A moving Mona Lisa?!

A breakdown of Artificial Intelligence and its role in generating a photorealistic moving model

The "living" portrait

A painting created in the renaissance revolutionized the way artists looked at realism, the understanding of the skull beneath the skin. Produced by Leonardo Da Vinci, The Mona Lisa is a scarily realistic painting that, even five centuries later, draws thousands of spectators each day. And while the recreation of Lisa Gherardini's smile will remain unmatched, what if there was a way we could bring even more life to the painting? Can we make the Mona Lisa move and talk?

It turns out it's not too difficult; the short answer: Artificial Intelligence.
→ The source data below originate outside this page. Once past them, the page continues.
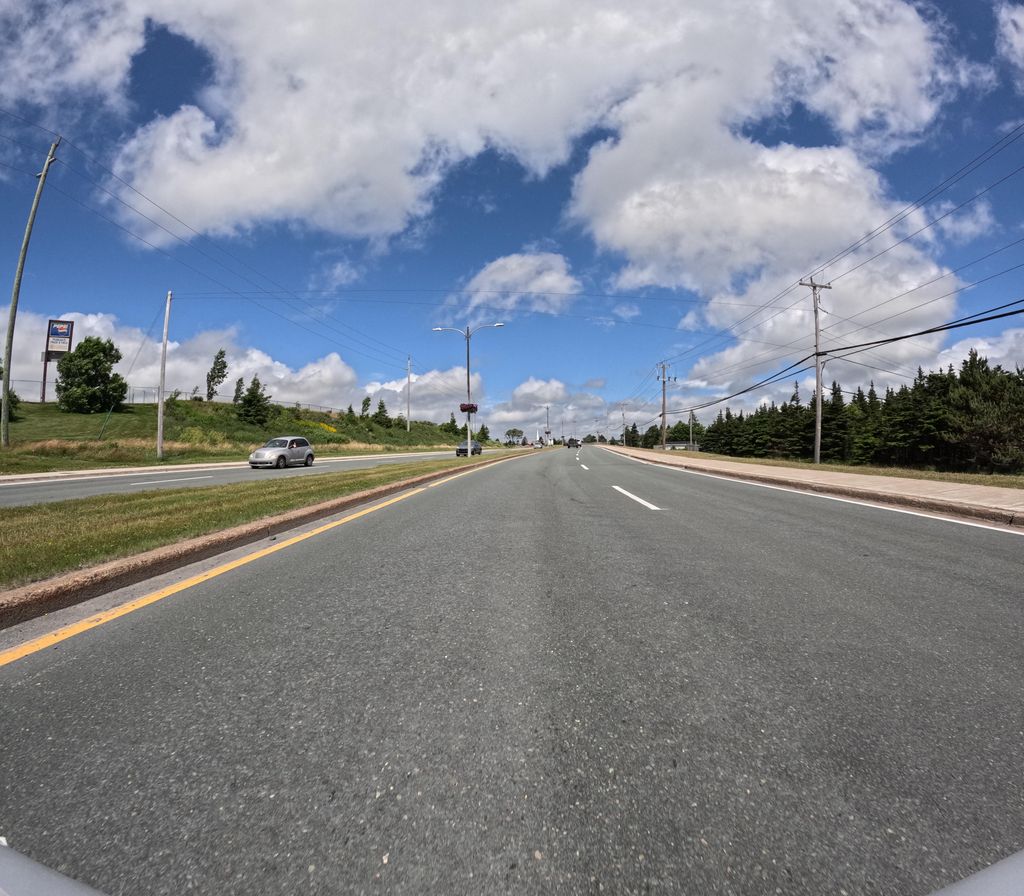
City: st_johns
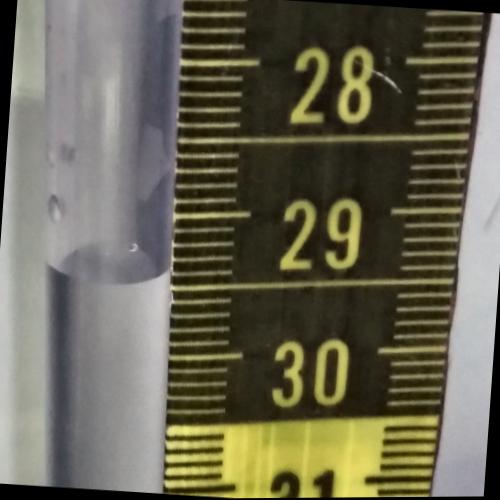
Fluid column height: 29.4 cm
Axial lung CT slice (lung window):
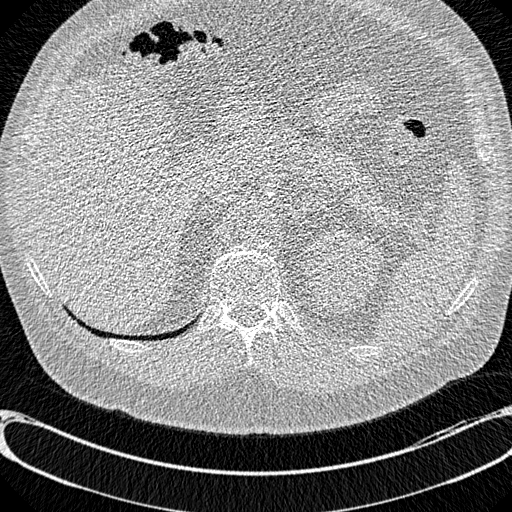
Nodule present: no
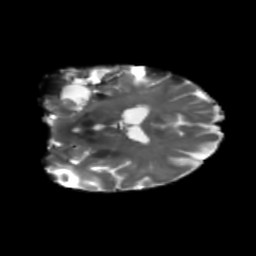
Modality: T2w
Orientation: coronal
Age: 58
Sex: female
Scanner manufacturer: siemens
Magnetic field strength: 3 T
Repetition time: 5.25 s
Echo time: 0.08 s
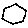
Label: hexagon
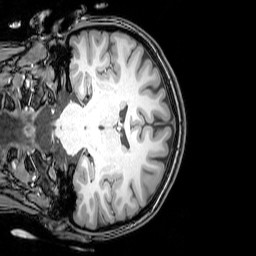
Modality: T1w
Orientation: coronal
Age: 21
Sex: female
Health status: healthy
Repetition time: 0.081 s
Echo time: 0.037 s
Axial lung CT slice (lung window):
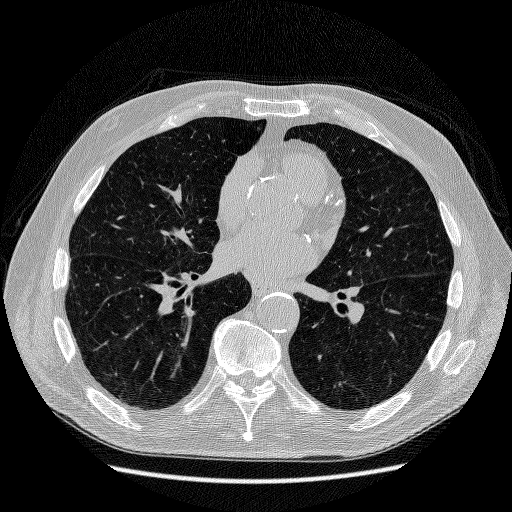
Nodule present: no

Researchers in Moscow, working under Samsung AI, have developed a way to use deep learning algorithms known as Artificial neural networks (ANNs) to create hyper-realistic synthetic images.

Neural Networks: Back to the basics

A neural network can be understood as an artificial way to reflect the behaviour of the human brain, as they replicate the way biological neurones send signals to one another to compute information. ANNs are segregated into three layers: An input layer, hidden layers, and an output layer. These layers are connected by nodes, artificial neurons that help relay signals.
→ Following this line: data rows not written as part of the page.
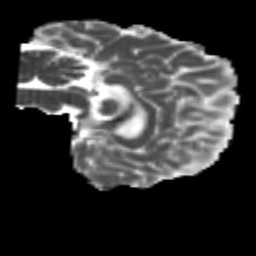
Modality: MD
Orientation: sagittal
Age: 26
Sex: female
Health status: healthy
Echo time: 0.074 s
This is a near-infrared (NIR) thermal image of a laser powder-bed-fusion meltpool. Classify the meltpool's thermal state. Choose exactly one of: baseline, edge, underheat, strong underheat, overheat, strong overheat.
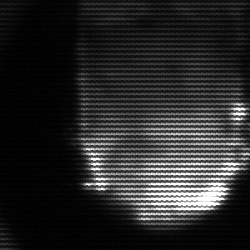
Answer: baseline
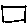
Label: square
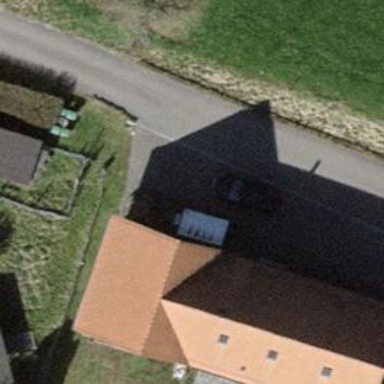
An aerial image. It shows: Building.
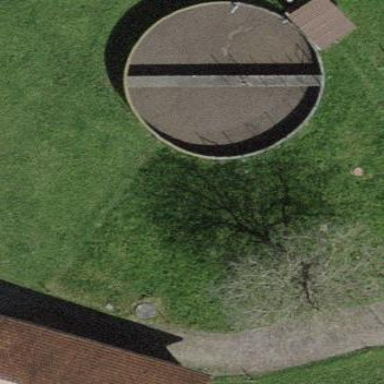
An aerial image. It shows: Storage tank with man-made structure.
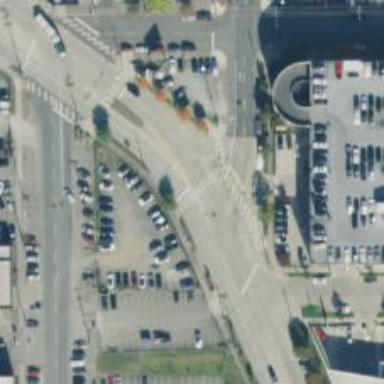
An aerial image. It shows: Marked footway crossing with zebra crossing island.
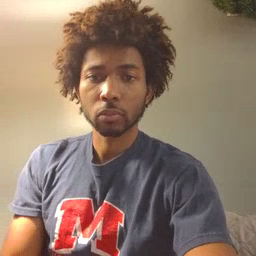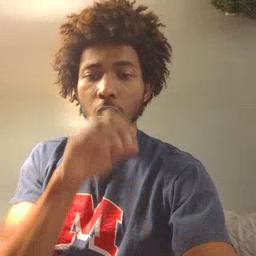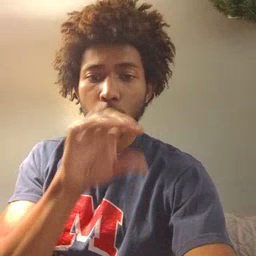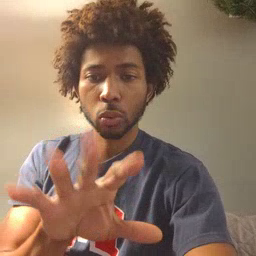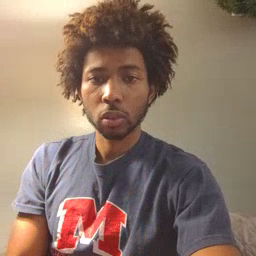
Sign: blow
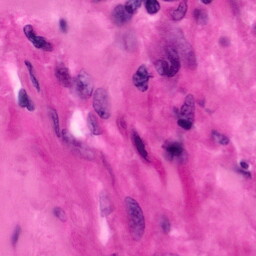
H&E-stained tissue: Pancreatic
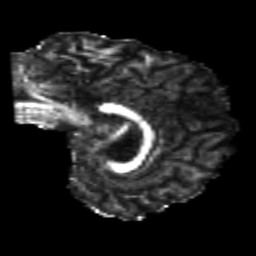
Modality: FA
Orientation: sagittal
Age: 22
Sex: female
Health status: healthy
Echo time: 0.074 s

input-output structure of an artificial neurone

Nodes have a predefined weight and threshold. Once the input layer is identified, weights(Wn) are allocated to different input variables(Xn) that play a role in decision-making. Next, the input value goes through mathematical operations in which the input signal is multiplied by its weight (WnXn).

The weight plays a vital role in this process, as its polarity (negative or positive) and strength affects the input's importance. The overall influence of the input signal is determined by finding the sum of the multiplied value (WnXn) and bias (b, An additional set of weights that remain constant).

The summation looks like this: ∑ wi xi + b

The summation value is then passed through an activation function(f) and finally looks like this: f(∑ wi xi + b)

We can understand an activation function as the minimum value that the summation requires to be to activate a node and initiate the passage of data from one layer to the next. If the node is activated, it means that the value of f(∑ wi xi + b) surpasses this minimum threshold, allowing the current layer's output to become the input of the subsequent layer.

The whole process then repeats until the final layer.

Convolutional Neural Networks: Let's dive in deeper

Making the Mona Lisa come to life uses a more specific type of ANN known as Convolutional Neural Network (ConvNet), which is different from ANNs because they cater to image, video and speech recognition.

A breakdown of ConvNets the layers within

ConvNets have three layers:

• Convolutional layer- input data, feature map, and filter
• Pooling layer
• Fully-connected (FC) layer

Let us assume that the input is the picture of the zebra. This means that the picture will be a colour image made up of a matrix of pixels in 3D; this means that the image has height, width, and depth. The first two layers of a ConvNet perform feature extraction. This is done by using a feature detector known as a kernel. The kernel is given a 2D array value, which corresponds to the pixels on the image that the kernel has to find and extract. A filter is then applied to that specific area of the image, and the input is converted into an output array.

For example, as seen in the diagram, the kernel was given the array for the pixels corresponding to the zebra's leg (a feature of the zebra that needs to be extracted) is converted to the output. As one layer produces an output given to the next layer, the extracted features become progressively more complex. This means that the algorithm begins to identify more delicate details and prominent features. The third layer of a ConvNet maps the extracted features into the final output as the image is flattened into a column vector and fed into a basic artificial neural network that I discussed earlier.

The ConvNets in the Mona Lisa's case were used to "learn" and "map" human facial expressions and movements from 3 sets of data, resulting in three very different and realistic animations of the Mona Lisa talking.

What's next?

Right now, seeing the Mona Lisa come to life is just one of the many things that neural networks are capable of doing. In the future, we can expect Neural networks to further the art world by composing music, shine in the medical industry by helping humans self-diagnose, and even be used to create hauntingly realistic, deepfake news-reporters!